If you’ve mastered your paddling technique but you’re still finding that you’re getting fatigued fairly quickly, it may be because your paddle is of poor quality. Kayak paddles come in a range of different materials, with the three most popular being aluminum, fiberglass, and carbon fiber.
Aluminum paddles are the cheapest of the three, and although they’re the most budget-friendly, they’re also the heaviest. Having a heavy paddle makes it more difficult to paddle and requires more power from your muscles. If you’re getting serious about kayaking, then it may be time to upgrade.
The next paddle up from an aluminum paddle is a fiberglass paddle which is considerably lighter and also more expensive. And finally, the best of the best are carbon fiber paddles.
Carbon fiber paddles are extremely lightweight and easy to use in the water. If you purchase a carbon fiber paddle, you’ll see a huge difference in your paddling technique, and the length of time you can paddle, and although carbon fiber paddles are the most expensive of the bunch, in our opinion, they’re worth it.
If you’re ready to upgrade your paddle, then check out our article on the Top 8 Carbon Fiber Kayak Paddles.
There are four common kayak paddling strokes that are all used for different purposes. The first is the forward stroke which you use to propel your kayak in a forward direction. Next is the reverse stroke, which you can use to slow down the kayak or have it reverse in a backward direction.
Then you have the sweep stroke, which turns the kayak left and right, and finally, the draw stroke, which helps you edge the kayak towards docks or other boats.
The best type of kayak paddle is a carbon fiber paddle. These paddles are extremely lightweight and easy to use on the water, allowing their paddler to cover vast stretches of water without getting fatigued. The only downfall to a carbon fiber paddle is its price, but many paddlers will agree that the price is totally worth it.

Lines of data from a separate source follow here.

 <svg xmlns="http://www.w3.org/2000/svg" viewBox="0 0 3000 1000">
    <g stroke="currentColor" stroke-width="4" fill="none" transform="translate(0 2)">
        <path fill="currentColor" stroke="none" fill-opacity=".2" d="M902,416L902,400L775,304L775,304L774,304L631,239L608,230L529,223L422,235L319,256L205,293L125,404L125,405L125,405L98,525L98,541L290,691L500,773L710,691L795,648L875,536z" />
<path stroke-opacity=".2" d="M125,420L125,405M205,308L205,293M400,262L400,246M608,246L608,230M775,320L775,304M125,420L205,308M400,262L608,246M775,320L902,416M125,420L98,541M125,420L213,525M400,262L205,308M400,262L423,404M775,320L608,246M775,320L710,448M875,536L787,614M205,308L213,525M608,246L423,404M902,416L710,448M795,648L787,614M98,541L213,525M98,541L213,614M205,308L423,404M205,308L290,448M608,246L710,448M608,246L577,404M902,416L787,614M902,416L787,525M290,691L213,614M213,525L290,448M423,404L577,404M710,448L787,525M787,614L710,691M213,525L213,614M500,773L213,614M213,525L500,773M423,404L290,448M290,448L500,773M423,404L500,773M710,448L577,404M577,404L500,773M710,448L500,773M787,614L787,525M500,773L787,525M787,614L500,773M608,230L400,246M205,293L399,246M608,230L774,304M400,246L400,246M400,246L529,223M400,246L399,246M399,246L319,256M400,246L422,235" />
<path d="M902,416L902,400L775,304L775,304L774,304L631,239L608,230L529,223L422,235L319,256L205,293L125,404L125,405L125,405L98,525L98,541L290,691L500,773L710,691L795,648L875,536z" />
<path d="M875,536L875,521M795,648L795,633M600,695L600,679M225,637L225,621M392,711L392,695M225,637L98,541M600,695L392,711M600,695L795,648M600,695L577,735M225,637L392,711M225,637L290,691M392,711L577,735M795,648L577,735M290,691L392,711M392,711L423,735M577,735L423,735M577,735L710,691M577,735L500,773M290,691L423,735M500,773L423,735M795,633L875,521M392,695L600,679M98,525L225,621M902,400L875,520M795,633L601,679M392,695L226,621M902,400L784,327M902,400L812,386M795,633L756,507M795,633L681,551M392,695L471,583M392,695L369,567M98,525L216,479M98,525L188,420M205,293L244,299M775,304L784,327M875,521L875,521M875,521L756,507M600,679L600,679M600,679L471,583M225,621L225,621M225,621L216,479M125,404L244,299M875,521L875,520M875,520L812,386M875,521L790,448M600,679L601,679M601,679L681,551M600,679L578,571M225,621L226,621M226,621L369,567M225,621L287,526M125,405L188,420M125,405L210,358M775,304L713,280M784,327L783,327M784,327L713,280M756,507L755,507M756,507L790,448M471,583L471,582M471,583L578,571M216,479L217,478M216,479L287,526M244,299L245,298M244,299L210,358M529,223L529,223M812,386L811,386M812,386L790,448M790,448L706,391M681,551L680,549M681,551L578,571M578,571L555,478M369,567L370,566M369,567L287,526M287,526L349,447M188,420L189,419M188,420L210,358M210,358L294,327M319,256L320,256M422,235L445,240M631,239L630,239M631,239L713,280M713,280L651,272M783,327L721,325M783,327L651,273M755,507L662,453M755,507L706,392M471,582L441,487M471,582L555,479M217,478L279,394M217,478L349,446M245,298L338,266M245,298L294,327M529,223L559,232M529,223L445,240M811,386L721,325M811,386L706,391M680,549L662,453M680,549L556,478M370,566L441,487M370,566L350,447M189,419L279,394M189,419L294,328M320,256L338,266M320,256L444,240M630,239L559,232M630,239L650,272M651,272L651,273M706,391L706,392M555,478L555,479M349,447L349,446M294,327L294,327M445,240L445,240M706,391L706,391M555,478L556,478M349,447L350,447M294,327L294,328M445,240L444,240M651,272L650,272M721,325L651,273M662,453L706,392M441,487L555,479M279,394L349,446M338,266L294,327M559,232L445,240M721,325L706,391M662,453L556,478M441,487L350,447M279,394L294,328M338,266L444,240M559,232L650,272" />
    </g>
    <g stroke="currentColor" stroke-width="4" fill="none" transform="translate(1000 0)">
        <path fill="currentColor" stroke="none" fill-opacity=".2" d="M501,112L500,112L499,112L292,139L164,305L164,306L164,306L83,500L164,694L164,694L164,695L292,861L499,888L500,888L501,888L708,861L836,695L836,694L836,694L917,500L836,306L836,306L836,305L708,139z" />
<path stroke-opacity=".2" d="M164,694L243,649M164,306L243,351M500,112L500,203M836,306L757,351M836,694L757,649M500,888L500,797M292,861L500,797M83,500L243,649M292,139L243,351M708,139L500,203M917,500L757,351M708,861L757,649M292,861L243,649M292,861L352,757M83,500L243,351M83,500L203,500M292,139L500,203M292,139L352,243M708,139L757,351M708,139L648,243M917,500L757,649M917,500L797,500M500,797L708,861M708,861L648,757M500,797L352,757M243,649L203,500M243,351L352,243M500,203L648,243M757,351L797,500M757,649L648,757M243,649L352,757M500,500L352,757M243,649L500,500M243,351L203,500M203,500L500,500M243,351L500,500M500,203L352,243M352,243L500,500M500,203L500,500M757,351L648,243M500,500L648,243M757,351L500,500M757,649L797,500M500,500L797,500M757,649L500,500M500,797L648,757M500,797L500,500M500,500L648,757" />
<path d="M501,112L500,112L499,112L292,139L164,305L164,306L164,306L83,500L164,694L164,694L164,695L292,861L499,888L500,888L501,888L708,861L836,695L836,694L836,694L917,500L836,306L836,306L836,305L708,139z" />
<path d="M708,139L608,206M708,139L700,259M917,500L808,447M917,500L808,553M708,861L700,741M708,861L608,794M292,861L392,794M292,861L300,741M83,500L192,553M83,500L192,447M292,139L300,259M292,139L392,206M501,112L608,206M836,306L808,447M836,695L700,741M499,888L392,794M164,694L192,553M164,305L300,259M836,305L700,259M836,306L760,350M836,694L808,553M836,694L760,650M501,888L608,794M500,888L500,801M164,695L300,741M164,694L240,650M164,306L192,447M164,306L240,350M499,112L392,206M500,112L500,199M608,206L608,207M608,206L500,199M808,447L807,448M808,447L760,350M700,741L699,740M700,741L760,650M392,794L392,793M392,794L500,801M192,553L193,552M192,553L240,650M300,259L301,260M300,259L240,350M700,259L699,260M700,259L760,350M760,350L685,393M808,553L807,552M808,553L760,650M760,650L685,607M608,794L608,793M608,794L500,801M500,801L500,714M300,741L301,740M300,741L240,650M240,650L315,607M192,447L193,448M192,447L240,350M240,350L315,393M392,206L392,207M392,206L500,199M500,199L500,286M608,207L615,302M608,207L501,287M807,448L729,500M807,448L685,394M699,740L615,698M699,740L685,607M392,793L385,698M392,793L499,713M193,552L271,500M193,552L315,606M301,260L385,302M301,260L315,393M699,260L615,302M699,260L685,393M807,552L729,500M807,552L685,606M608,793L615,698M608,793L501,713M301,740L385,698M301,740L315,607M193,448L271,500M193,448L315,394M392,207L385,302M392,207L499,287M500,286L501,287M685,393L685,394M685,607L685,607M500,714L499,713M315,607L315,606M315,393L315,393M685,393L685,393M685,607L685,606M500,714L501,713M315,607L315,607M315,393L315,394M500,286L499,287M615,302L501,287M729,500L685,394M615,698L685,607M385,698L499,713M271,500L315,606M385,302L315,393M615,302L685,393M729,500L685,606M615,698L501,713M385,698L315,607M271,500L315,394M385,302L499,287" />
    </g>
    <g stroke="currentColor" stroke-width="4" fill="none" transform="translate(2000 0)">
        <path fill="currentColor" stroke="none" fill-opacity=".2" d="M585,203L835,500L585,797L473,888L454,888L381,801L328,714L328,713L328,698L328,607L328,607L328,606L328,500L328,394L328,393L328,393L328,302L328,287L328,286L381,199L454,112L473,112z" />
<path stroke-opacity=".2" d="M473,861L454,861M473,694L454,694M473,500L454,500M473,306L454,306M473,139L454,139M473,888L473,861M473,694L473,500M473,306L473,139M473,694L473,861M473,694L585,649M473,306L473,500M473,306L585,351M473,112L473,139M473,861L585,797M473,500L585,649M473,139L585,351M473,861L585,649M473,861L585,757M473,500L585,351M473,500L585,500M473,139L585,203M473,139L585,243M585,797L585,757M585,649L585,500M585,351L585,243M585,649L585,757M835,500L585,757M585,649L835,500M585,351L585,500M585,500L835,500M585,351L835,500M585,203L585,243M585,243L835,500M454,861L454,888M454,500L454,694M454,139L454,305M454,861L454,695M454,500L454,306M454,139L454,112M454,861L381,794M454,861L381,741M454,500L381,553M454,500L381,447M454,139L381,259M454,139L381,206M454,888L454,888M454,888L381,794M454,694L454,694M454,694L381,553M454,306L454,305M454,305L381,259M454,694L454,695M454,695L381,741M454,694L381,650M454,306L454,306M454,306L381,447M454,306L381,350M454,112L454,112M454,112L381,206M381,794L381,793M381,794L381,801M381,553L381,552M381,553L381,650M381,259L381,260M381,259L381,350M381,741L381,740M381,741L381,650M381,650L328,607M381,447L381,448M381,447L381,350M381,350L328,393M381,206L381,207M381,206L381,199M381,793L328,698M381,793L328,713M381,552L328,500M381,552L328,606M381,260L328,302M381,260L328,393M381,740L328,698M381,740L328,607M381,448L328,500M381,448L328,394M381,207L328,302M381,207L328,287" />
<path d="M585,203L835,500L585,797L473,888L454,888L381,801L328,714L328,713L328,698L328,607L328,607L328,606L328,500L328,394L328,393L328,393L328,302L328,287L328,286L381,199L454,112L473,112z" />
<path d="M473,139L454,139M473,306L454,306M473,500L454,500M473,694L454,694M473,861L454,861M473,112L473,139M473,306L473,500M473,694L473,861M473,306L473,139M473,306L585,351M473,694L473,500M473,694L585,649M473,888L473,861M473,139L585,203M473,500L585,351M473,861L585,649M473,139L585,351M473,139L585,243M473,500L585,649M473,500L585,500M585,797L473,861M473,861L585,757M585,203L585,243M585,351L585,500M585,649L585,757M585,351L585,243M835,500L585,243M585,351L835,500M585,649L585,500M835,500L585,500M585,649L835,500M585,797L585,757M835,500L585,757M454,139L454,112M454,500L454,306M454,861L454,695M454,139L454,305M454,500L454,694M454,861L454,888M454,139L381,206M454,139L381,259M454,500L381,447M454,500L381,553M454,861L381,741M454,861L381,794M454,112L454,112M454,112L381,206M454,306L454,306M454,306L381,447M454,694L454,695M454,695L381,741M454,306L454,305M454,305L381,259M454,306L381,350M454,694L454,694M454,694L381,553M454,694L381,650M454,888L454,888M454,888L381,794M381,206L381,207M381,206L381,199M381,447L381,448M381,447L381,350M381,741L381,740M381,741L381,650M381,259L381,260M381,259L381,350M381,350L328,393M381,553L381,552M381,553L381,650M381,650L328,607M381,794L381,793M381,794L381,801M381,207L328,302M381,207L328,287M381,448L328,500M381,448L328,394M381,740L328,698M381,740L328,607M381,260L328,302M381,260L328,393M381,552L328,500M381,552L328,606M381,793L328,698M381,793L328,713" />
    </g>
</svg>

Kayaking is extremely easy to learn, and people of all ages and abilities can get the hang of paddling if they follow some simple paddling techniques. Balance is the first thing to master, followed by the four main paddle strokes: the forward stroke, the reverse stroke, the sweep stroke, and the draw stroke.
Kayak strokes and paddle board strokes are extremely similar, with the main difference being that on a paddle board, you’re powering your strokes from a standing position. We have gone into detail about paddle board strokes over on The Ultimate Guide to Paddle Board Strokes.
Kayaking is an excellent form of exercise that burns more calories than you’d think. The amount of calories you’d burn kayaking comes down to a few different factors such as your weight, age, the speed you’re paddling, and the amount of time you spend paddling.
For a person who weighs around 200 pounds and paddles at a moderate speed, you can look at burning as much as 476 calories per hour.